**Instructions to follow**.
What lines in this listing contain the string "outdoors"? Report each one by copying it.

**The data**.

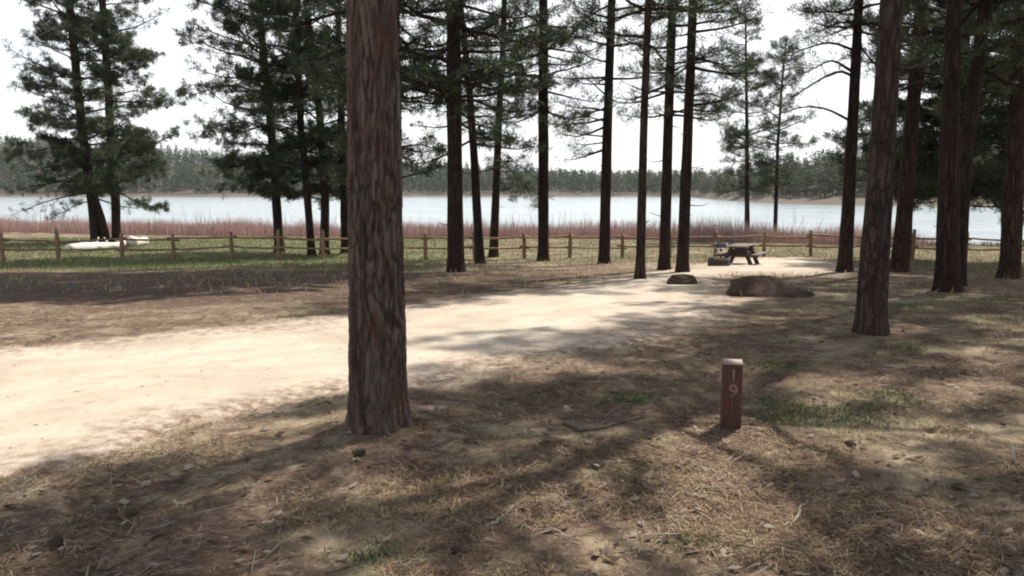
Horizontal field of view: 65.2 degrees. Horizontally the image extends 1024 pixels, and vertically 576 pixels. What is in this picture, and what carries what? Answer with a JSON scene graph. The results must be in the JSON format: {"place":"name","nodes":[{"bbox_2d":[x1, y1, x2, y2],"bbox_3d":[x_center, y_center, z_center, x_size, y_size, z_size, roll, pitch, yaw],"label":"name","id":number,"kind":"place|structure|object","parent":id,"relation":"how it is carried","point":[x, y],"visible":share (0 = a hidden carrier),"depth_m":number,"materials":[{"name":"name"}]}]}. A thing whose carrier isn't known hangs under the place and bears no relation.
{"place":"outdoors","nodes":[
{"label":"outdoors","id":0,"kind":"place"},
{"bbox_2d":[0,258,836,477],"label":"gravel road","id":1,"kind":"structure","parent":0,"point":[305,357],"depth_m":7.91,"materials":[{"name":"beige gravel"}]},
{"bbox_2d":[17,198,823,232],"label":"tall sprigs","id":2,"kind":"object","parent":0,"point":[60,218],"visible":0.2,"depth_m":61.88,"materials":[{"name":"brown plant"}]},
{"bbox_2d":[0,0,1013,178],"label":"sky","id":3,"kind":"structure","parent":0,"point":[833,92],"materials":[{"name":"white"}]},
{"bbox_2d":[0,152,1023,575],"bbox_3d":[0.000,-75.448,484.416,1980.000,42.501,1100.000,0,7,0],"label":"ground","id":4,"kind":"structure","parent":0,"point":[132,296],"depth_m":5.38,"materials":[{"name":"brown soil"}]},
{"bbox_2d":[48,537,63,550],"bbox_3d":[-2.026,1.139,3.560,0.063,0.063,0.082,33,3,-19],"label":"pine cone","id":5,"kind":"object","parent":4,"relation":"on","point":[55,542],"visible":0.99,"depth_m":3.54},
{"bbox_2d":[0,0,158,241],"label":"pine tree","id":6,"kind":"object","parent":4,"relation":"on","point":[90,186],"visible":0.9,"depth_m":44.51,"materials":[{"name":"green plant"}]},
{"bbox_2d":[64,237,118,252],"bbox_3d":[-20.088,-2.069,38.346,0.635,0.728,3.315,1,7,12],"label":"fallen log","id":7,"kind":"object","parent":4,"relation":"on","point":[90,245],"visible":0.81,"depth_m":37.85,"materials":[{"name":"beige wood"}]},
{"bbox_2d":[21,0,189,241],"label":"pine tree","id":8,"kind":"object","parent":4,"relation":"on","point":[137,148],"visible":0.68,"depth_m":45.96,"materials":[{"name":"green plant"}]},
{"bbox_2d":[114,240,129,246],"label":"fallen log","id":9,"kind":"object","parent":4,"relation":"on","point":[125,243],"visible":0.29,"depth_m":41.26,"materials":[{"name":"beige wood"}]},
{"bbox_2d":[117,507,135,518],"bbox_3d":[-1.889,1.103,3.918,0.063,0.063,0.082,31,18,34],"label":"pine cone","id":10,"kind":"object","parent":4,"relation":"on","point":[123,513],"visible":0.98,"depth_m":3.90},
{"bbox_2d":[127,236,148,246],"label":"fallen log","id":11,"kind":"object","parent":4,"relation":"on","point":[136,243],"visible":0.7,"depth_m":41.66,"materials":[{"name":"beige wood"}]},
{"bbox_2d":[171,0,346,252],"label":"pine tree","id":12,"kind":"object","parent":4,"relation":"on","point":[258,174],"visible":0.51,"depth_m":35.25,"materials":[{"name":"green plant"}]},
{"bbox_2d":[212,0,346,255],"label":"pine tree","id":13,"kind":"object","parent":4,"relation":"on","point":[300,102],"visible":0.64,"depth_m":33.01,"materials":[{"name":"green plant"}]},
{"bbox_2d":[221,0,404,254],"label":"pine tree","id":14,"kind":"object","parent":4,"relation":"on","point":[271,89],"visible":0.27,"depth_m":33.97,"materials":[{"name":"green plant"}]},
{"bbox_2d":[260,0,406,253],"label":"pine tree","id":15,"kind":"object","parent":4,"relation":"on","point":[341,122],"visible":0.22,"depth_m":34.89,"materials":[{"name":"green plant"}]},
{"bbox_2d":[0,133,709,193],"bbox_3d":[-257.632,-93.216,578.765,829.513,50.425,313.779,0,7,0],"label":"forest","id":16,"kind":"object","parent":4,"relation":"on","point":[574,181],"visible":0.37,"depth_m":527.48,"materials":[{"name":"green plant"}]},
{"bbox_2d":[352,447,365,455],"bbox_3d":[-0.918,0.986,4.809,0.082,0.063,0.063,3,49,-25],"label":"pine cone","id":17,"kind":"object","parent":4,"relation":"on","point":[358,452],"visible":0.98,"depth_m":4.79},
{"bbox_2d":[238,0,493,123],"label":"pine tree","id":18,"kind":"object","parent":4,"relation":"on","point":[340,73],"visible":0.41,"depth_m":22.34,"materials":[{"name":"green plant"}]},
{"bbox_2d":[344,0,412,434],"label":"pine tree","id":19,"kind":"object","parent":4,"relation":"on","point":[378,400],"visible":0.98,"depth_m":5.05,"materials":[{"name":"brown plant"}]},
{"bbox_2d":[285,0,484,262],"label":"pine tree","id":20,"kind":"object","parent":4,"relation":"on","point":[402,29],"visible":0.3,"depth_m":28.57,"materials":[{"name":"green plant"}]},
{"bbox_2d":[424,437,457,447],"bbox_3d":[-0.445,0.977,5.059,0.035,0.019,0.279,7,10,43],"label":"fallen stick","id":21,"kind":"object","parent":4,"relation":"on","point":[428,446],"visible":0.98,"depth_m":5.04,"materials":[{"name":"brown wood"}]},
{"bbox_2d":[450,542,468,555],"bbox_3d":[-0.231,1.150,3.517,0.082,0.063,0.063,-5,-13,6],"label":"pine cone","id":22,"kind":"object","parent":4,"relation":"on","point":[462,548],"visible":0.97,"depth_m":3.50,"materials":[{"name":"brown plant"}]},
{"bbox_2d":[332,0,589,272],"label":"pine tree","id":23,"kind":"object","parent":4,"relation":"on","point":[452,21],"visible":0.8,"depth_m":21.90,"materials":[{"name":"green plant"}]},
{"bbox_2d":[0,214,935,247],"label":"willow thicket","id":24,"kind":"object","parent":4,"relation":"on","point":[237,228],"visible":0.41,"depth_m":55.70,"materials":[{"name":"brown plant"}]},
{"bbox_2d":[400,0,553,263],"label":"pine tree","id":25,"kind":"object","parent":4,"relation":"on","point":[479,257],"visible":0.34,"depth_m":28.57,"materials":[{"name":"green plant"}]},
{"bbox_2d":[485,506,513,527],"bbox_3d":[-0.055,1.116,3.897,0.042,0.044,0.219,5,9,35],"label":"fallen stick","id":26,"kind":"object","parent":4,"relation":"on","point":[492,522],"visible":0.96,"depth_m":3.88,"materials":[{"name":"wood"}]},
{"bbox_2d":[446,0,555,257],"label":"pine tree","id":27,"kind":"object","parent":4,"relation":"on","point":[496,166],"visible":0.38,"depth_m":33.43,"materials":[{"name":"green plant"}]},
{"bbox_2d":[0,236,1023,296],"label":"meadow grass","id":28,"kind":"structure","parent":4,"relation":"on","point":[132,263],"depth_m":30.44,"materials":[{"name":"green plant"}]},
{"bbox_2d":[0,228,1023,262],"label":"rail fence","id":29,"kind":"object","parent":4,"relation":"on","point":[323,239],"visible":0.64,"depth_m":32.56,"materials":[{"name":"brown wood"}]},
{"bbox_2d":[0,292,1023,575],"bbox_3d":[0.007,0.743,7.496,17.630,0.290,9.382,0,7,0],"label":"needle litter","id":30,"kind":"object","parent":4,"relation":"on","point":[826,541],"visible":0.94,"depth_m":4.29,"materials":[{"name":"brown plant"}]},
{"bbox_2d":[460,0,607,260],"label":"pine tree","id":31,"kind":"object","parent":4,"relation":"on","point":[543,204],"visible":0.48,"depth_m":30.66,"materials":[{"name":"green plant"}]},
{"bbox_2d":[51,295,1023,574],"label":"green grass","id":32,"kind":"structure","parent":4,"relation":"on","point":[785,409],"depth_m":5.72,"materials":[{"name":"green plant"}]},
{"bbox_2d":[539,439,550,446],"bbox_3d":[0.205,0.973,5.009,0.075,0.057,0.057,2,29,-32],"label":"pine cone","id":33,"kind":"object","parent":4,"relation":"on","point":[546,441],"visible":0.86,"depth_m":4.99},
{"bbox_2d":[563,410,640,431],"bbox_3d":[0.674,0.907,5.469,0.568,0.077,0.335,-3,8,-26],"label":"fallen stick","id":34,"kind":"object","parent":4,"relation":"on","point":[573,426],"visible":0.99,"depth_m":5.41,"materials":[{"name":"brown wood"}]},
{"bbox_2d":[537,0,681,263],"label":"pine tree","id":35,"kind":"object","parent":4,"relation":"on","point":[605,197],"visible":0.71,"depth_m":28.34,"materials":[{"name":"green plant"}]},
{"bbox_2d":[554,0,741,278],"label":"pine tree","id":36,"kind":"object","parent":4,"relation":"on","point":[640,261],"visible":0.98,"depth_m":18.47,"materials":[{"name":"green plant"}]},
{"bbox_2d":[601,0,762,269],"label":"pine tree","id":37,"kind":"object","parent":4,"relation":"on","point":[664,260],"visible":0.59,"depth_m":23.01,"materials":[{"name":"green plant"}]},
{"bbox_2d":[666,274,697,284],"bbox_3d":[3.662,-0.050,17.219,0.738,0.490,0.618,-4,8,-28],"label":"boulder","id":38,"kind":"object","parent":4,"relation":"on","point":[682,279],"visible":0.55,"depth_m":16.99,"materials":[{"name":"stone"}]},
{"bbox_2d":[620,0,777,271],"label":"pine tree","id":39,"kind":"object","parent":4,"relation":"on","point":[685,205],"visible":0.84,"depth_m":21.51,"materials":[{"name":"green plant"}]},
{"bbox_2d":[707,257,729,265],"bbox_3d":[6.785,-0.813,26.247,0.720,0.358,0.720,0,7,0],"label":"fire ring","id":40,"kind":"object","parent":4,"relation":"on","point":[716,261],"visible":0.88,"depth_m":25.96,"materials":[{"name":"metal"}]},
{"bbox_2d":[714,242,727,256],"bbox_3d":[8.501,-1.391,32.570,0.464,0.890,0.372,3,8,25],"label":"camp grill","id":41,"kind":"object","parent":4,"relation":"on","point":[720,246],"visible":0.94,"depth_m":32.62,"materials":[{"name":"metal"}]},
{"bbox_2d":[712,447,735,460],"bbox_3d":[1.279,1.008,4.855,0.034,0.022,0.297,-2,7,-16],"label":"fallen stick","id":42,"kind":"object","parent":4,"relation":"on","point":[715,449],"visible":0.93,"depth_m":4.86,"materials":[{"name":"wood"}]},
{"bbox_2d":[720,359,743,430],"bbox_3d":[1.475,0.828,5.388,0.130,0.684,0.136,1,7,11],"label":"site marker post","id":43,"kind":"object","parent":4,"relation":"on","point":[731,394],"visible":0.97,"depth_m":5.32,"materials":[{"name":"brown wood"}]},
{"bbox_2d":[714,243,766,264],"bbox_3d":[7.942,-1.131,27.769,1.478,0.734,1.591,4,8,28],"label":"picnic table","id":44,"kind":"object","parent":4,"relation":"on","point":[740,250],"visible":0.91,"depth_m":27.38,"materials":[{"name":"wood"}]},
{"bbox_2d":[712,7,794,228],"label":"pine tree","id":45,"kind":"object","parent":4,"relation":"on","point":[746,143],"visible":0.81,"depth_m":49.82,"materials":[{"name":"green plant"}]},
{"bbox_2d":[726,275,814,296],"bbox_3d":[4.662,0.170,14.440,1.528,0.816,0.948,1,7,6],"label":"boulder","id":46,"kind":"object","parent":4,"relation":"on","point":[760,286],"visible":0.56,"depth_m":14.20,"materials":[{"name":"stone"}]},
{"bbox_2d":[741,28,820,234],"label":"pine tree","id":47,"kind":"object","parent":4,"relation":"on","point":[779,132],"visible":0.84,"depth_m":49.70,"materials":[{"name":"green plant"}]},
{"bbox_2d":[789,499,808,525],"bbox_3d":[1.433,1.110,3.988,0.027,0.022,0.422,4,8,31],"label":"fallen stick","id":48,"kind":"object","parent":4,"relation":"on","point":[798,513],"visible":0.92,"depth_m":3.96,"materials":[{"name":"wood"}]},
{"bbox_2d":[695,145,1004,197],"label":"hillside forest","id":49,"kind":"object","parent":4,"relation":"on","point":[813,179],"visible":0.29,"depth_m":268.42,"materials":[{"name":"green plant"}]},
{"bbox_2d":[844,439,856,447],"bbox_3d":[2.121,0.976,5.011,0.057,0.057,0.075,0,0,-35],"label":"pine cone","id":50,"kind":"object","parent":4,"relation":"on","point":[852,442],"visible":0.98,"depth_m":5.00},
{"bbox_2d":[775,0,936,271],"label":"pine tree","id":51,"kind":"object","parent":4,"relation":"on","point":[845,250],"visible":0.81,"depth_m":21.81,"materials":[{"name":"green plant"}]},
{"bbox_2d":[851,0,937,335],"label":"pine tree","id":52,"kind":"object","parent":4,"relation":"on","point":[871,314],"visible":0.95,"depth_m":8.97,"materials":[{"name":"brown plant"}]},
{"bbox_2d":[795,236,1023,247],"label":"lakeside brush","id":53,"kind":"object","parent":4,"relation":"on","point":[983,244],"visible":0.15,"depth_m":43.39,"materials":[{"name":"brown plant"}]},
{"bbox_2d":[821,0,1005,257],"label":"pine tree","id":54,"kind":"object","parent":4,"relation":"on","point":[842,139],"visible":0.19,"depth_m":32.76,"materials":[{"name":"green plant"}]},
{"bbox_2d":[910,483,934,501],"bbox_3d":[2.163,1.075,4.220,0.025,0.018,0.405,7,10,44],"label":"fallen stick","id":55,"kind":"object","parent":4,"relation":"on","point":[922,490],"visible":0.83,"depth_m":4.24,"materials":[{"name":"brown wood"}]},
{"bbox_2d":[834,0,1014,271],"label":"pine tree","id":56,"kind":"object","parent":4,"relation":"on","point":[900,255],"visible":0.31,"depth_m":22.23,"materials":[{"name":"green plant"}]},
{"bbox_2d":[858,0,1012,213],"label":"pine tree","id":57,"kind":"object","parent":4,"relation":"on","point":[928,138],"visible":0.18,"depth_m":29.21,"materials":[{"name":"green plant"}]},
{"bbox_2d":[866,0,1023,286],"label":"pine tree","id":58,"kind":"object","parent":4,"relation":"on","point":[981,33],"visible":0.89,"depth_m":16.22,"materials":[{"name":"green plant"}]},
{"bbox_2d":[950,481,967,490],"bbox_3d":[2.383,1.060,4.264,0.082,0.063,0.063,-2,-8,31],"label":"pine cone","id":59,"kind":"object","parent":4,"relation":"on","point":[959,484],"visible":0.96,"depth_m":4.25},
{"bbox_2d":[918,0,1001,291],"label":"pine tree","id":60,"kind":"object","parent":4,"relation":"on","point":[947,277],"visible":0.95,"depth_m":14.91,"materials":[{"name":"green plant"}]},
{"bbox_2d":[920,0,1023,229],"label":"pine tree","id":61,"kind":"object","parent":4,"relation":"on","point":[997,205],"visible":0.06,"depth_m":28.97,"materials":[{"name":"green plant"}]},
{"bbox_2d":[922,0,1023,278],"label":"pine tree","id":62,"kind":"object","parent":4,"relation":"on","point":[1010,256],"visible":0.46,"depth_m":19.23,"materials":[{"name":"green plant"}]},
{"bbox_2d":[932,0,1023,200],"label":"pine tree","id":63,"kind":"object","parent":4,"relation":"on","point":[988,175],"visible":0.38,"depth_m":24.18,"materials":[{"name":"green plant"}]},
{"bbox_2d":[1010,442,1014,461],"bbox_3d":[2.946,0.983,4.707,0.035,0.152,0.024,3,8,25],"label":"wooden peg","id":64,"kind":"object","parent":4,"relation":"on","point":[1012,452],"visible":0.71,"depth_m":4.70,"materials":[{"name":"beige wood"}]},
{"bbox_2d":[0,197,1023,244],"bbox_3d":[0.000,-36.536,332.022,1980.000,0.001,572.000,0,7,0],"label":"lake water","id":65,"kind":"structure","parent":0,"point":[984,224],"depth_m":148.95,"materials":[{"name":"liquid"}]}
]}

**Exercise output**.
{"place":"outdoors","nodes":[
{"label":"outdoors","id":0,"kind":"place"},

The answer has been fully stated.